I’ve googled quite a bit, but I can’t find information on how variable-length strings are generally implemented in higher-level languages. I’m creating my own such language, and am not sure where to start with strings.
I have a struct describing the string
type, and then a create
function that allocates such a ‘string’:
/* A safer `strcpy()`, using `strncpy()` and `sizeof()` */
#define STRCPY(TO, FROM) \
strncpy(TO, FROM, sizeof(TO)); TO[sizeof(TO) - 1] = '\0'
struct string {
// …
char native[1024];
};
string String__create(char native[]) {
string this = malloc(sizeof(struct string));
// …
STRCPY(this->native, native);
return this;
}
However, that would only allow 1kb-long strings. That’s sort of silly, and a huge waste of memory in most cases.
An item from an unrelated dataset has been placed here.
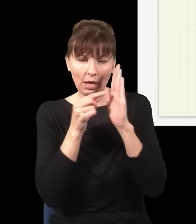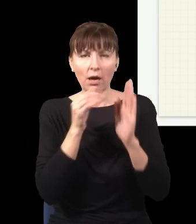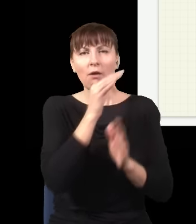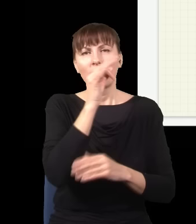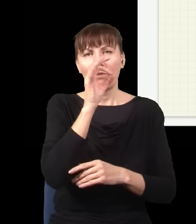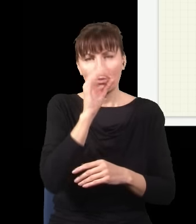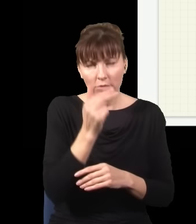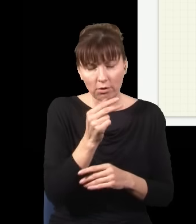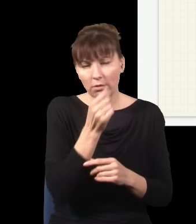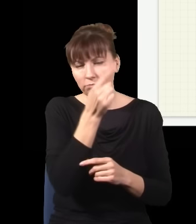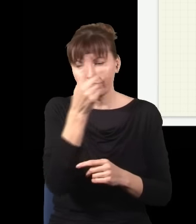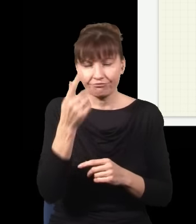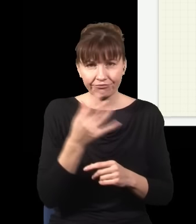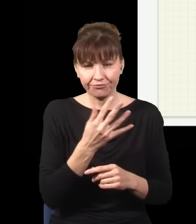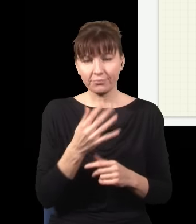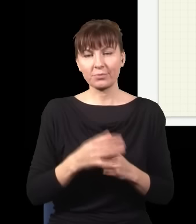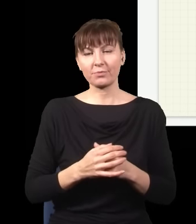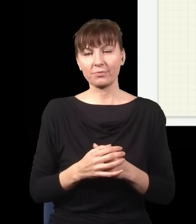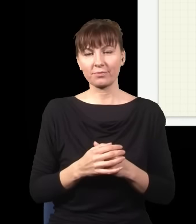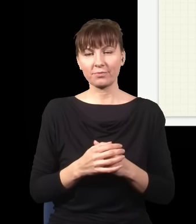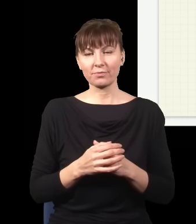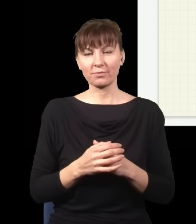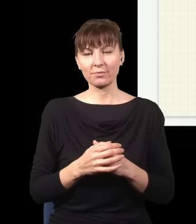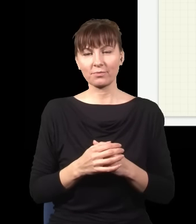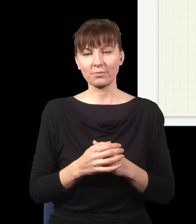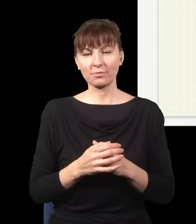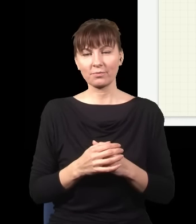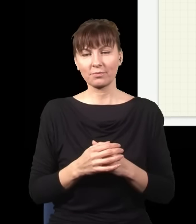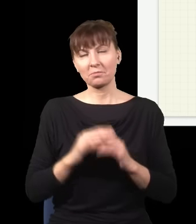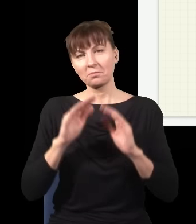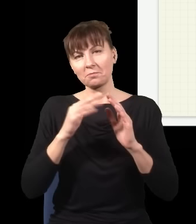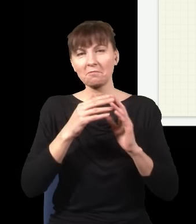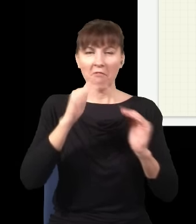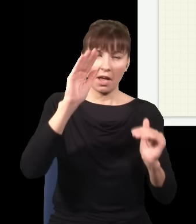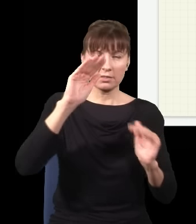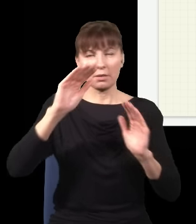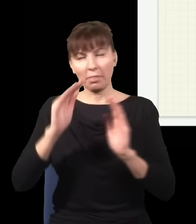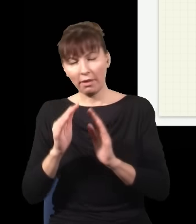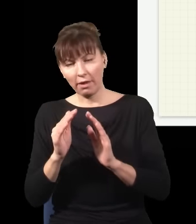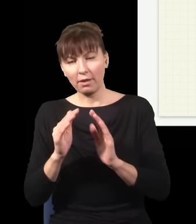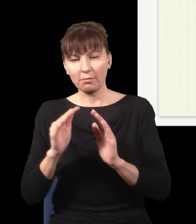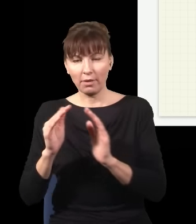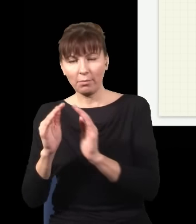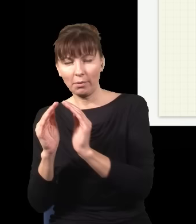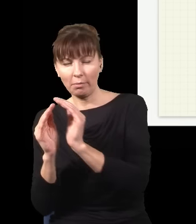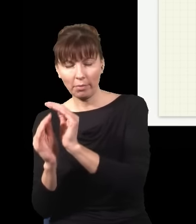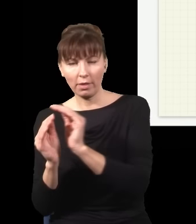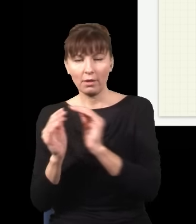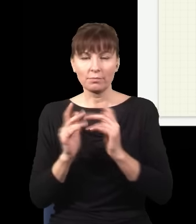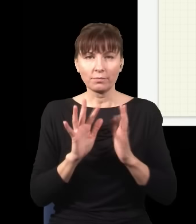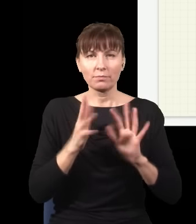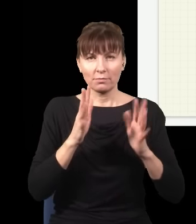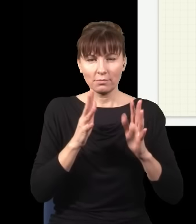tu mam więcej fotonów, tutaj mam trochę mniej fotonów, mniej fotonów itd., jest jakaś taka plamka,

Given that I have to declare the memory to be used somehow… how do I go about implementing a string that can (efficiently) store an (effectively) unbounded number of characters?
Many C++ std::string
implementations now use a "Small String Optimization". In pseudo-code:
struct string {
Int32 length
union {
char[12] shortString
struct {
char* longerString
Int32 heapReservedSpace
}
}
}
The idea is that string up to 12 characters are stored in the shortString
array. The entire string will be contiguous and use only a single cache line. Longer strings are stored on the heap. This leaves you with 12 spare bytes in the string object. The pointer doesn't take all of that, so you can also remember how much memory you've allocated on the heap (>=length
). That helps to support scenario's in which you grow a string in small increments.